The bulk of PE surgeries have a curative goal.

Again: THAT STATISTIC DOES NOT APPLY TO TIFFANY.

If I may suggest, please edit your comment as it is the first reply on a new thread and misleading? The paper is back great one, but many, many pages long.
Tiffany’s case is worst than the average case since she needed to find 1 of the 15 surgeons in the whole world who was willing to operate her because her case seems to be quite a complicated one. And one of those 15 is in London, her surgeon. The same surgeon who told her 5 months ago that surgery is the only option to save her life, and that surgery will come with serious life changes. Some months later the same surgeon seems to be backing off surgery. We will find out tonight which is the plan with her update.
These facts here have nothing to do with palliative pelvic exenteration, and it says the tumor needs to be downgraded by chemo in order to achieve clear margins with surgery. Tiffany’s tumor did not shrink:

Locally advanced rectal cancer which involves an adjacent organ is staged as T4b disease and these cancers need multimodality treatment. Neoadjuvant chemoradiotherapy or total neoadjuvant treatment (TNT) is utilised prior to surgery in order to downstage the tumour and often the extent of the disease may necessitate a pelvic exenteration in order to achieve margin negative status.

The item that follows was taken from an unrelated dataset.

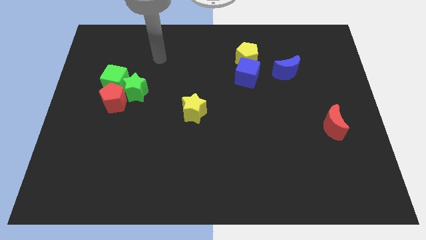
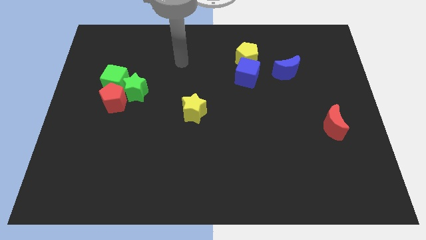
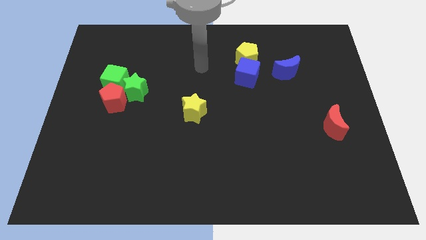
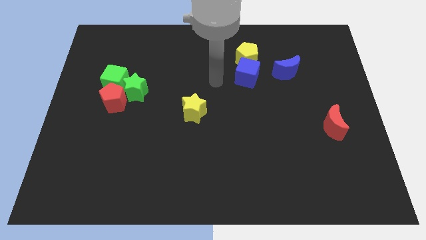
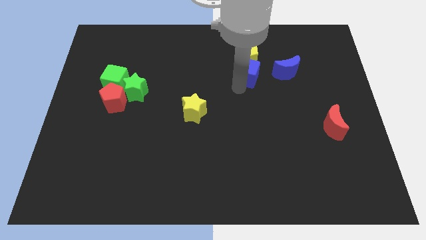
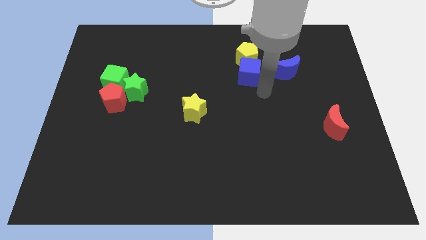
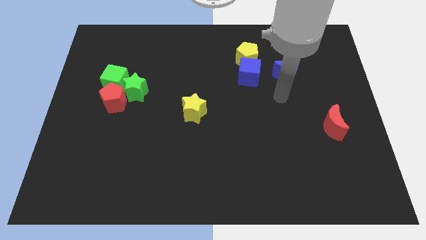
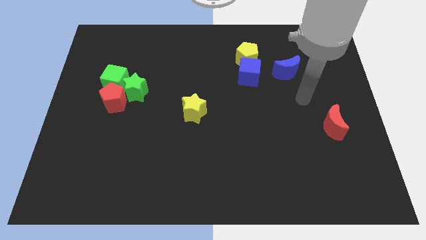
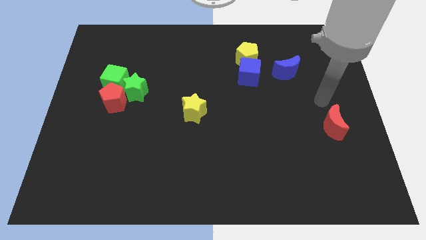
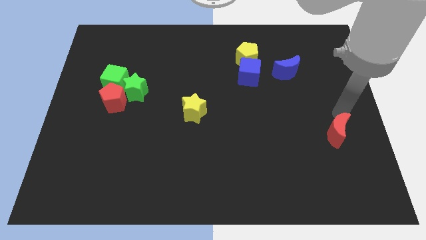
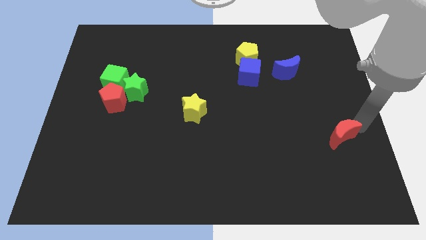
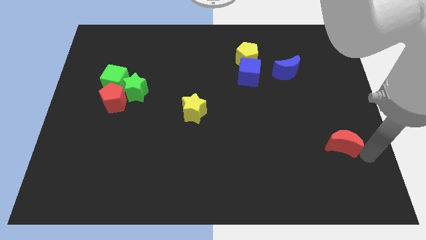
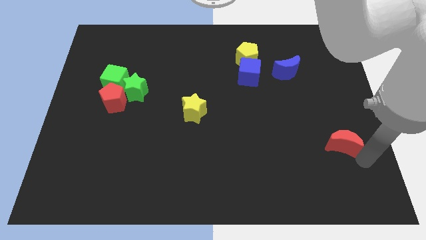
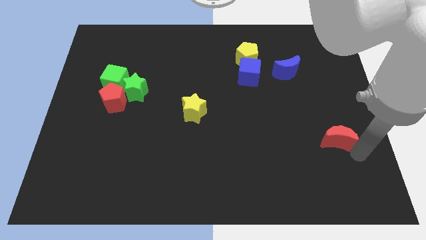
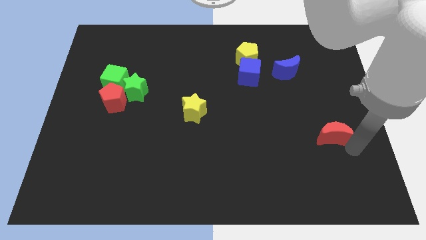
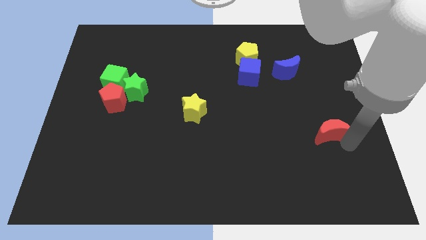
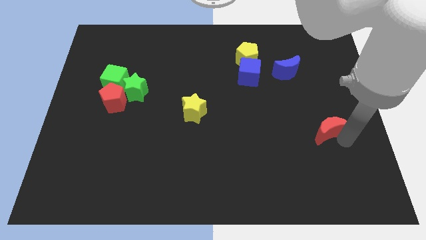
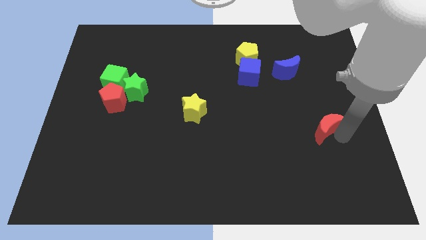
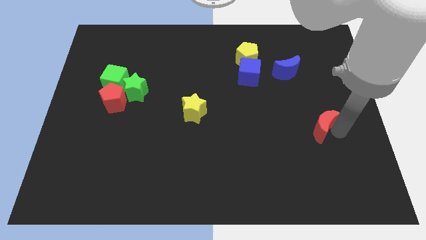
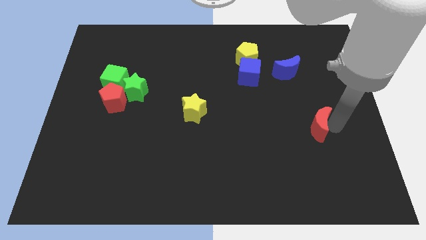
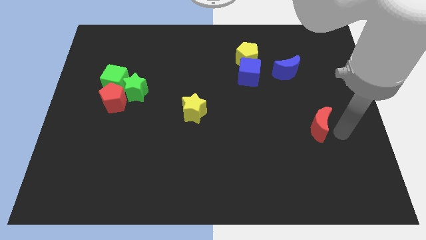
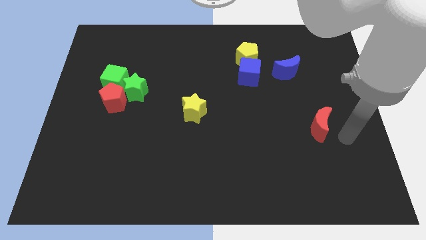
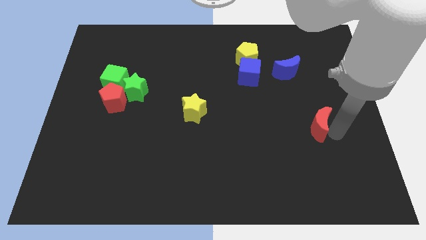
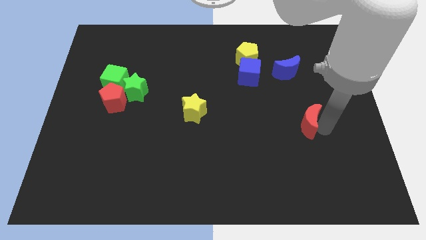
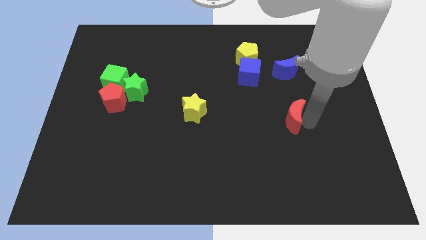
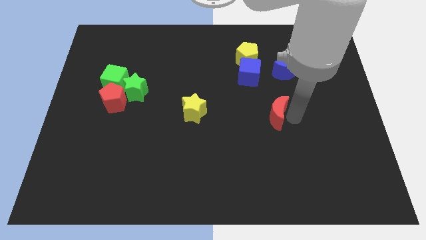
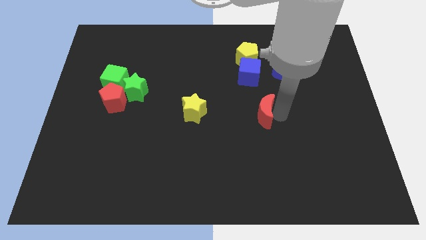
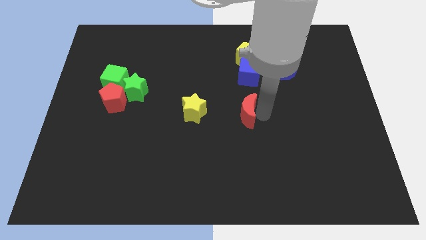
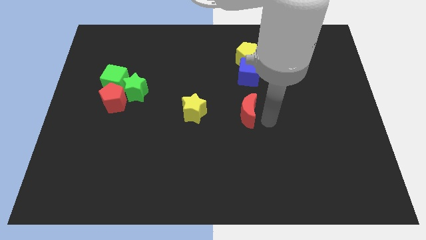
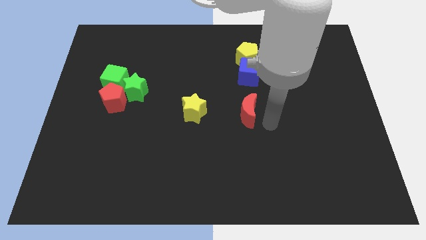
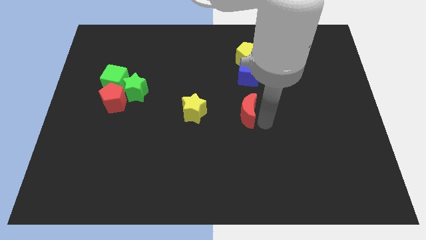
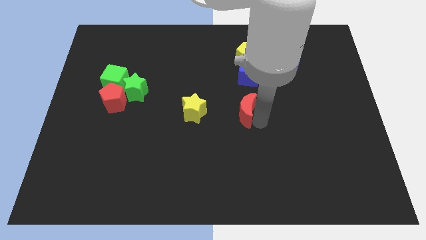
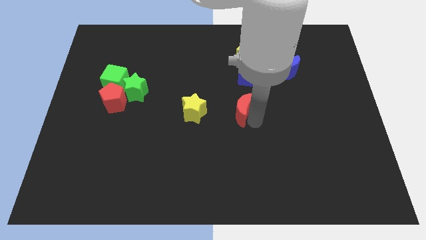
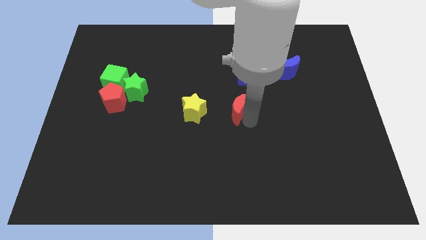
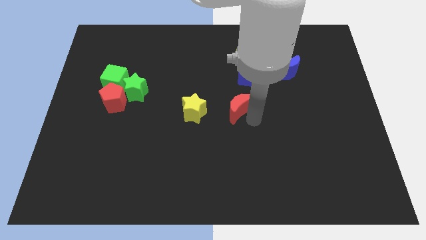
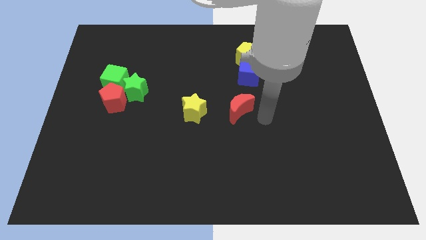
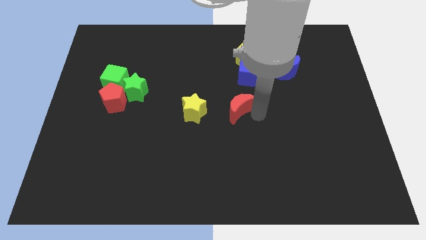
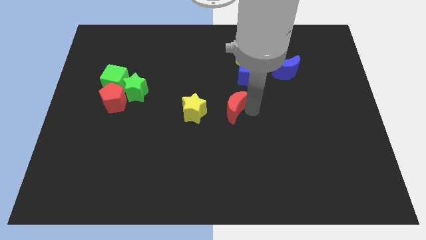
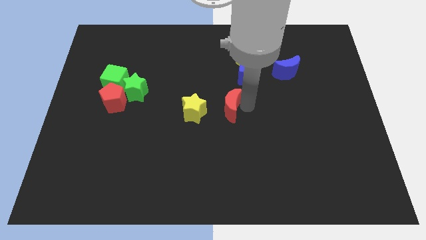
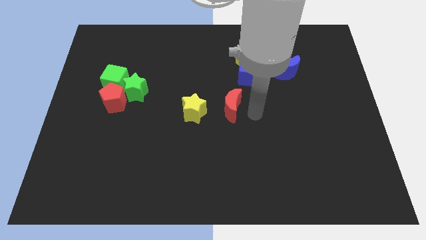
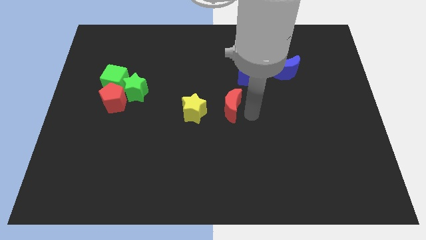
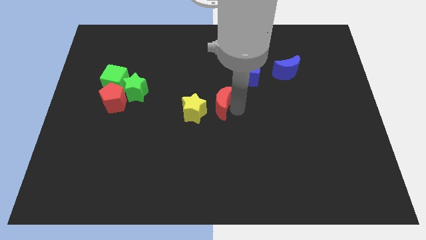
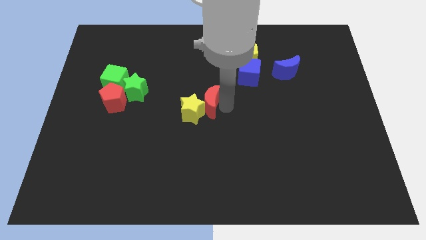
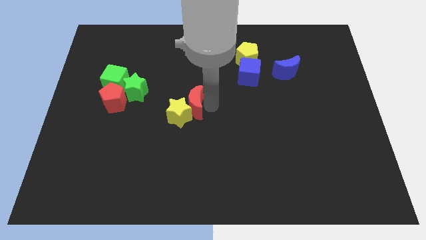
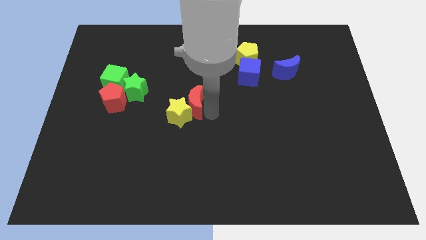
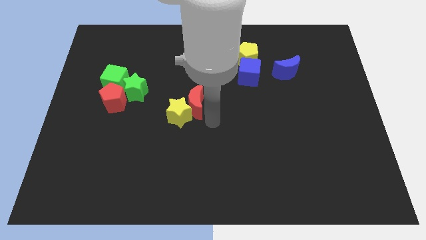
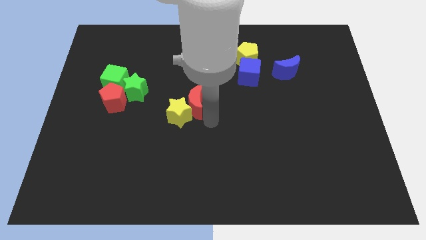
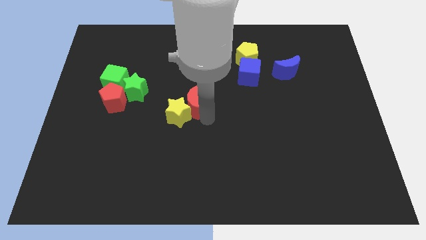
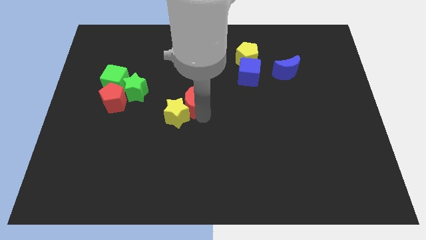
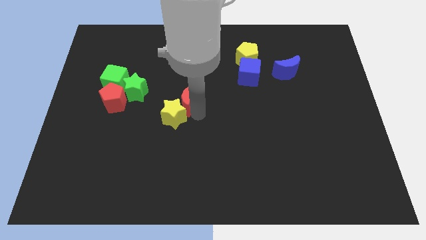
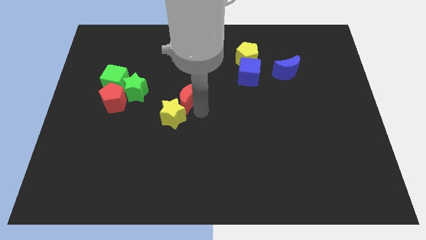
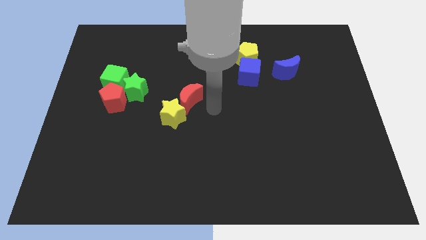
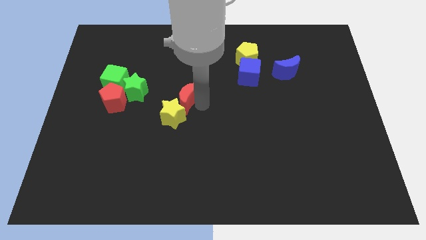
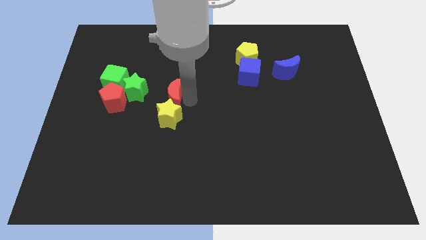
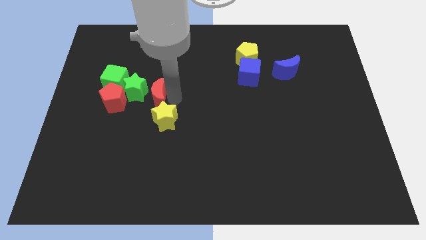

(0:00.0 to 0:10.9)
move the red moon close to the green star

Pelvic exenteration is historically associated with high incidence of postoperative morbidity and mortality [2]. Our study aims to share our initial experience with this technically challenging surgery.
That is not true!!! Pelvic exenteration are done around the whole world every day. Thousands of surgeon are able to that. What do you think PE are done only in the US a UK or in 15 countries in each countries one surgeon?!?
She is quoting what Tiffany said herself and I posted the video where Tifanny said her surgeon is one of the only 15 surgeons in the world who are capable to operate her case. Noone says only 15 surgeons do pelvic exentarations, but in Tiffany’s case, she said only 15 surgeons in the world have that high expertice to perform surgery on her particular case. Meaning her case is a very difficult one.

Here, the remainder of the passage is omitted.